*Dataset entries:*
━━━━━━━━━━━━━━━━
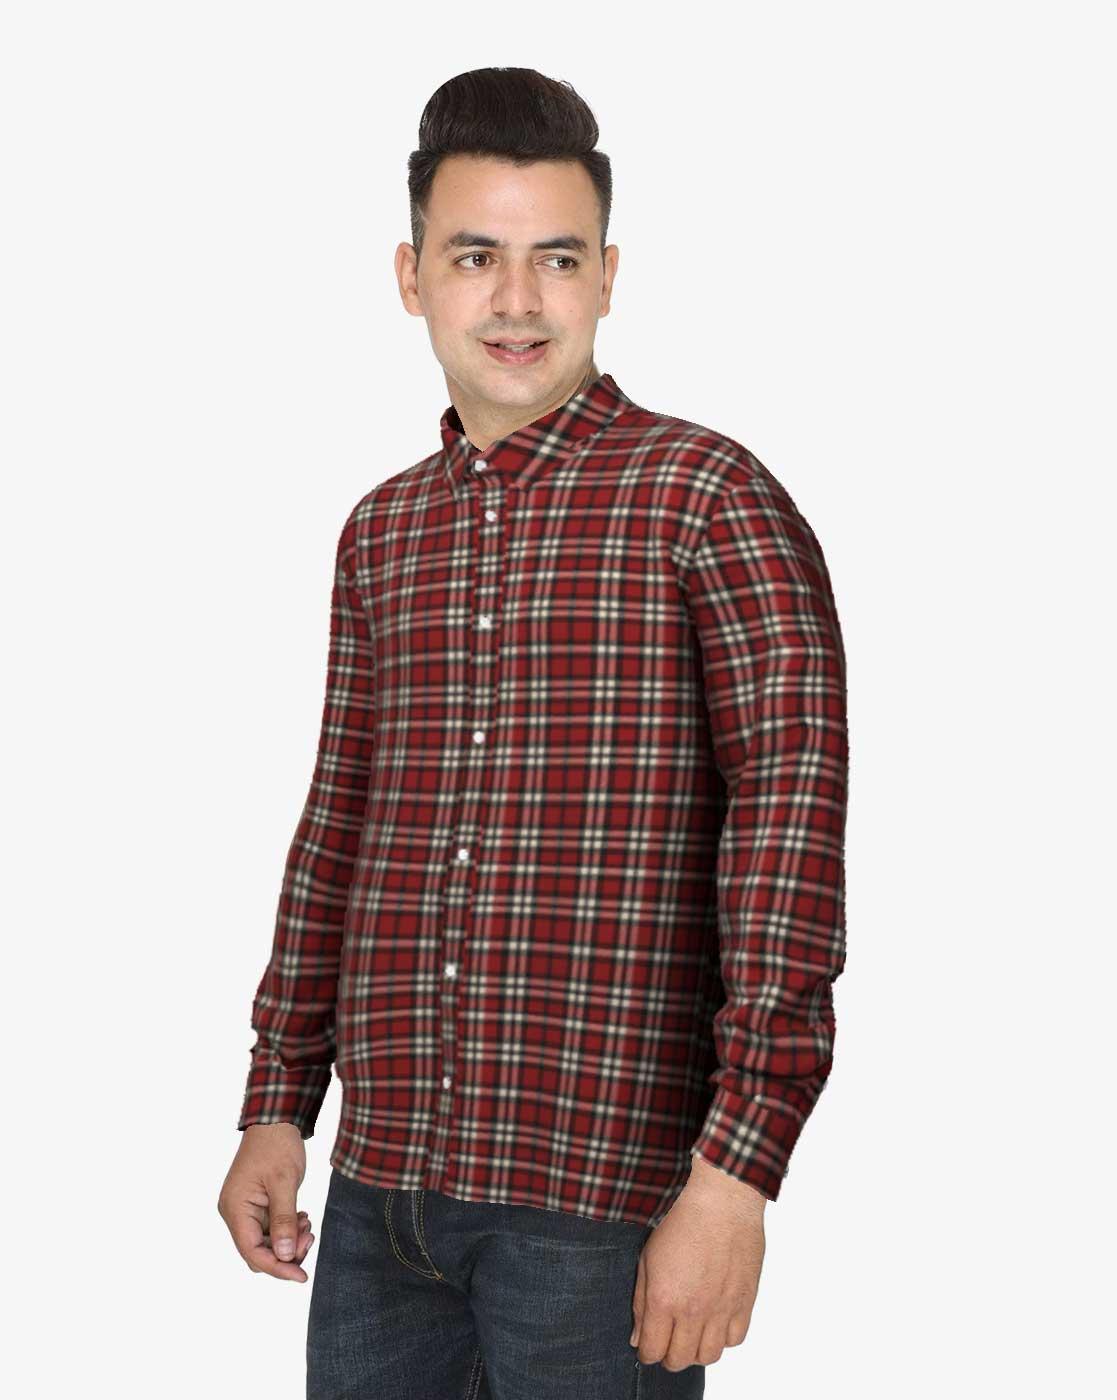
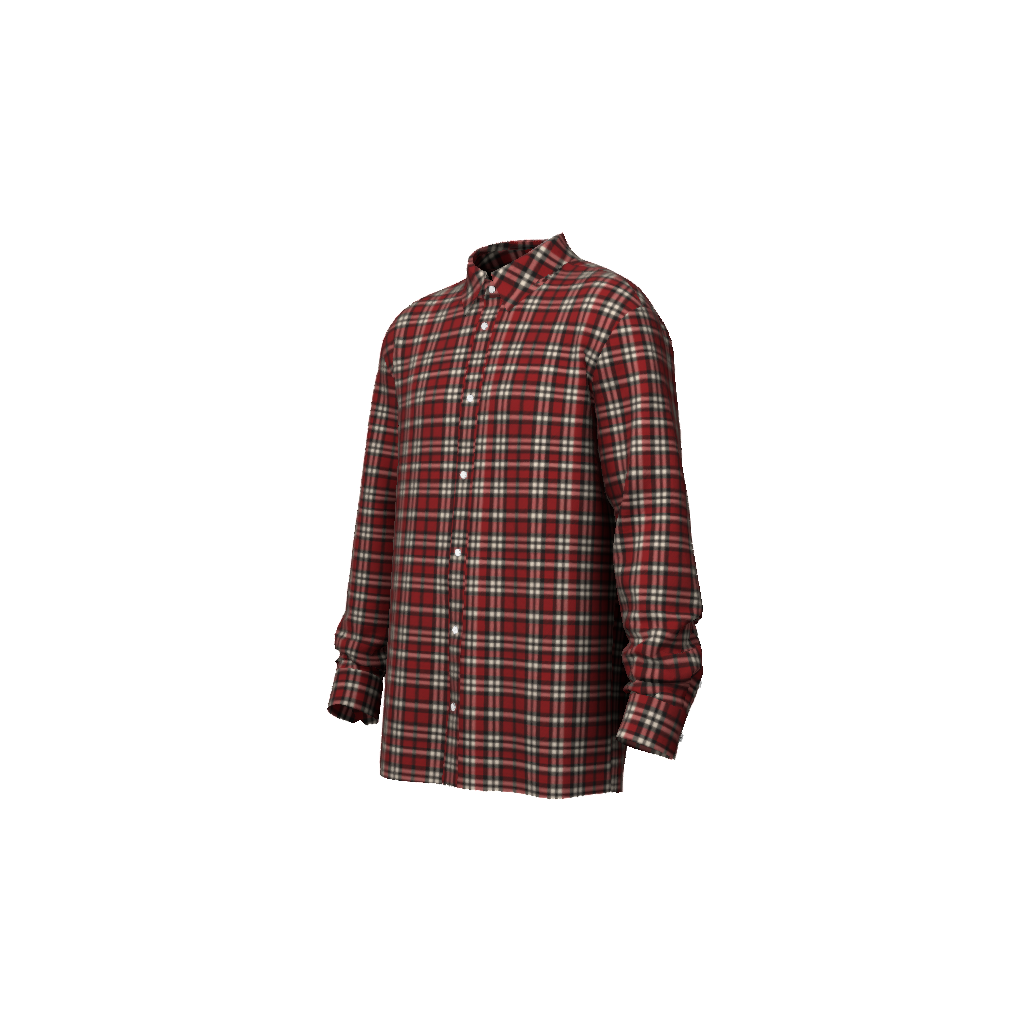
Clothing description: red regular fit plaid button up tee
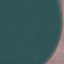
Land use / land cover: AnnualCrop
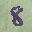
Label: 8
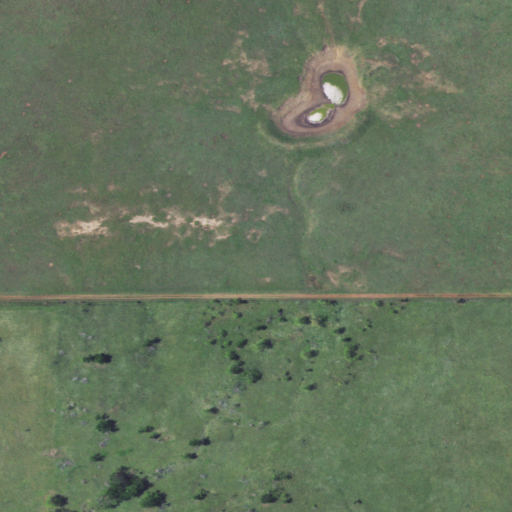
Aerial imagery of plain(s) in Oklahoma named Wells Flats containing grassland and shrub
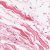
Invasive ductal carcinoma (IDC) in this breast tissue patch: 0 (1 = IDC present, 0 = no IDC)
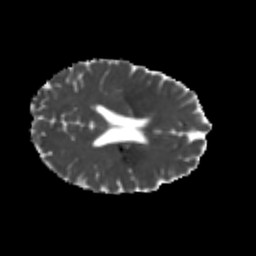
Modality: MD
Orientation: axial
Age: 22
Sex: female
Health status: healthy
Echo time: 0.074 s
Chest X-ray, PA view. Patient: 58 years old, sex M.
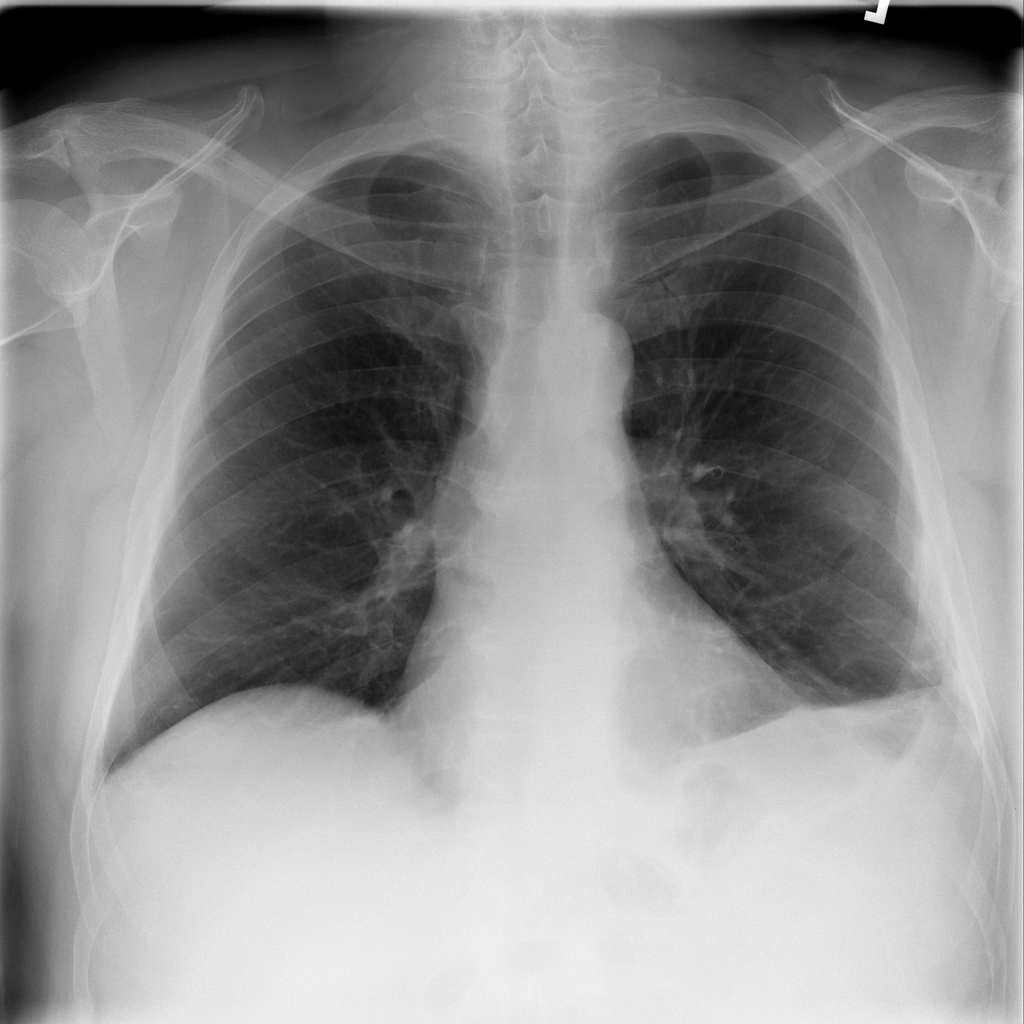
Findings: No Finding
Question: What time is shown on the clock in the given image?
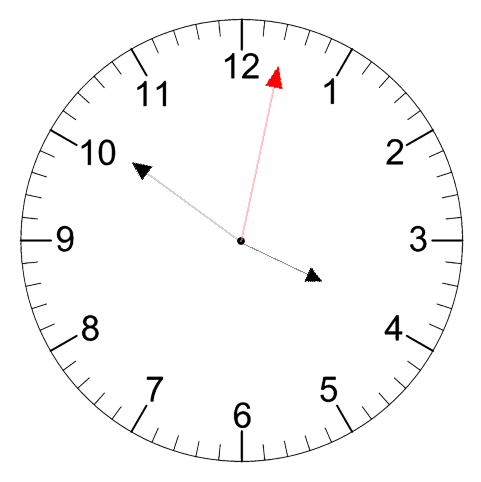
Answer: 03:51:02
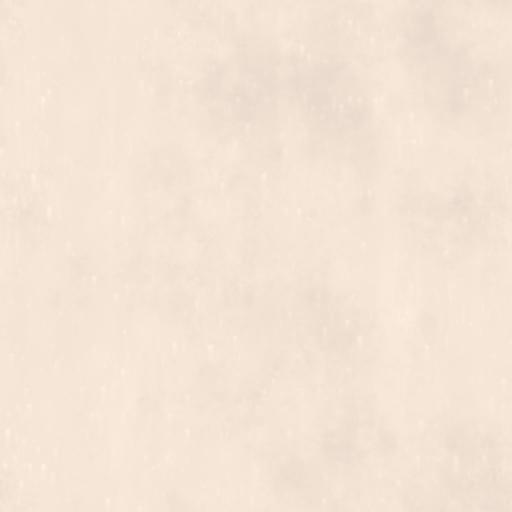
Tags: diamond plate floor industrial metal tread white
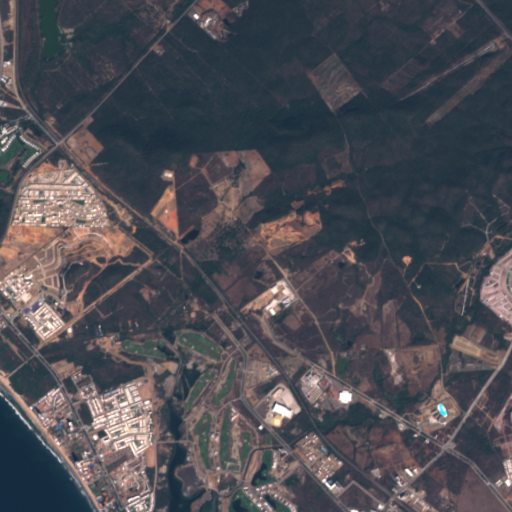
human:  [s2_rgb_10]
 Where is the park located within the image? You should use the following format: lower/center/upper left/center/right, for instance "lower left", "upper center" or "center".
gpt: The park is located in the lower left of the image.
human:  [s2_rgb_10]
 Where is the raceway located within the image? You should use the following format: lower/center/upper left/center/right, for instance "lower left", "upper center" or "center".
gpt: The raceway is located in the upper right of the image.
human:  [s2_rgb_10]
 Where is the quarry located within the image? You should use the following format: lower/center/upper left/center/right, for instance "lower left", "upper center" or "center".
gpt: There is no quarry in the image.
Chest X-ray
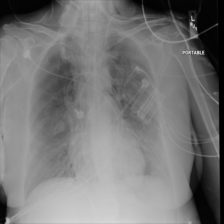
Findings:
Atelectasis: negative
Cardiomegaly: negative
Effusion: negative
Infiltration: positive
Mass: negative
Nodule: negative
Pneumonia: negative
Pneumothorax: negative
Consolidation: negative
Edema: negative
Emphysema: negative
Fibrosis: negative
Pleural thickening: negative
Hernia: negative
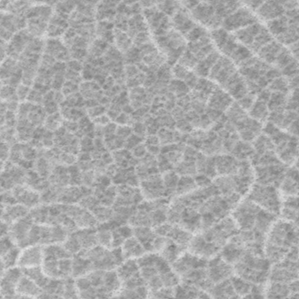
Label: frost
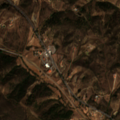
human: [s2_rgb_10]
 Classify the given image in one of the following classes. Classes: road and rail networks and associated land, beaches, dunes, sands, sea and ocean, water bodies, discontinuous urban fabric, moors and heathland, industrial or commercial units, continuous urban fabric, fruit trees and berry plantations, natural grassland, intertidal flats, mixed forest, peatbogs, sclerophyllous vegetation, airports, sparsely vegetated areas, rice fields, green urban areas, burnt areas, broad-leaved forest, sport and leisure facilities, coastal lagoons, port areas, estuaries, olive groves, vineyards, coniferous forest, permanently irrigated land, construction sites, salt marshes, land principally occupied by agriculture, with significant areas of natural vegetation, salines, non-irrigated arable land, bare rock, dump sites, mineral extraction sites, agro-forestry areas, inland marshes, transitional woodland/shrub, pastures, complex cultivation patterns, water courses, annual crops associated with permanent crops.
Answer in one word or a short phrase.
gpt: land principally occupied by agriculture, with significant areas of natural vegetation, broad-leaved forest, transitional woodland/shrub
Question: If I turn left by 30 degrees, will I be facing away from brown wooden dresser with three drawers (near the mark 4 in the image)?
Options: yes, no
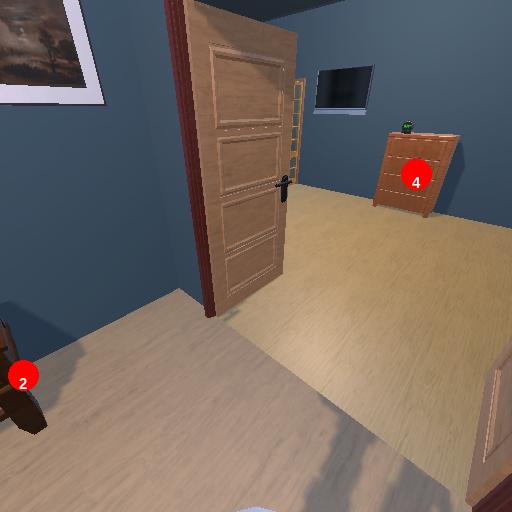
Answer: yes
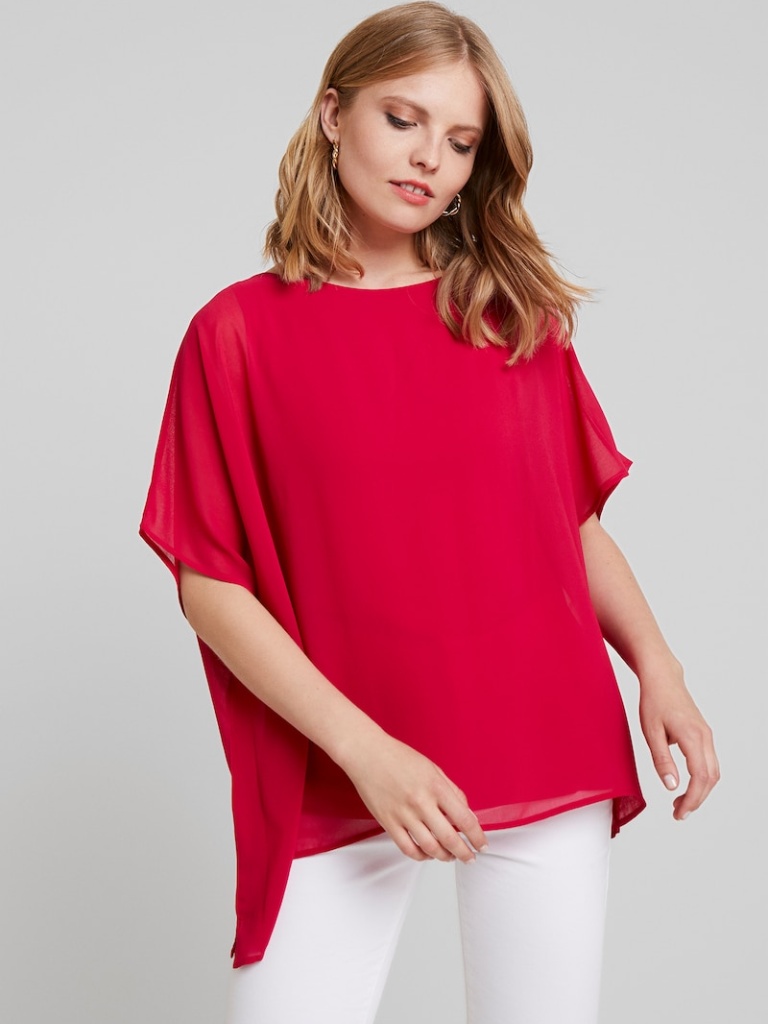
satin loose short sleeve waist length Untucked boat blouse
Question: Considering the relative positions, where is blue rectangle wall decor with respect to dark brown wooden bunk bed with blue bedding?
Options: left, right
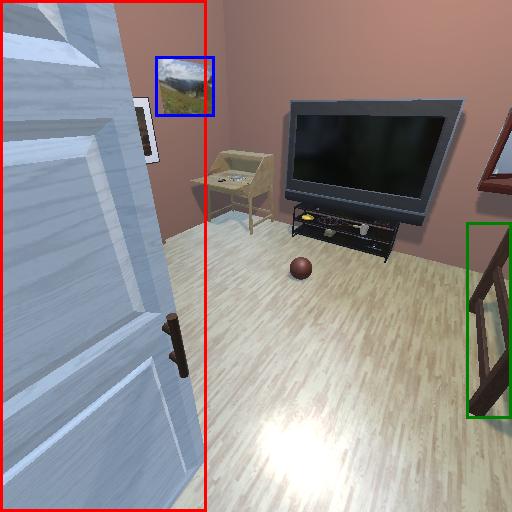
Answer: left
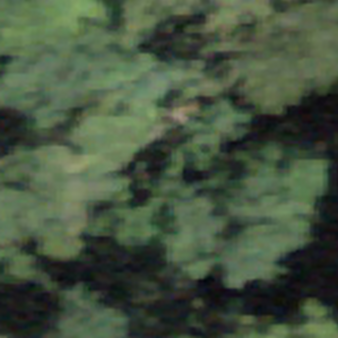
━━━━━━━━━━━━━━━━
*Task instructions:*
Only one stretch of the data is wanted: write out exactly the lines from the one holding "Emphysema: negative" through the one holding "human: [s2_rgb_10]", both included, without the pictures.

*Answer to this task:*
Emphysema: negative
Fibrosis: negative
Pleural thickening: negative
Hernia: negative
Label: frost
human: [s2_rgb_10]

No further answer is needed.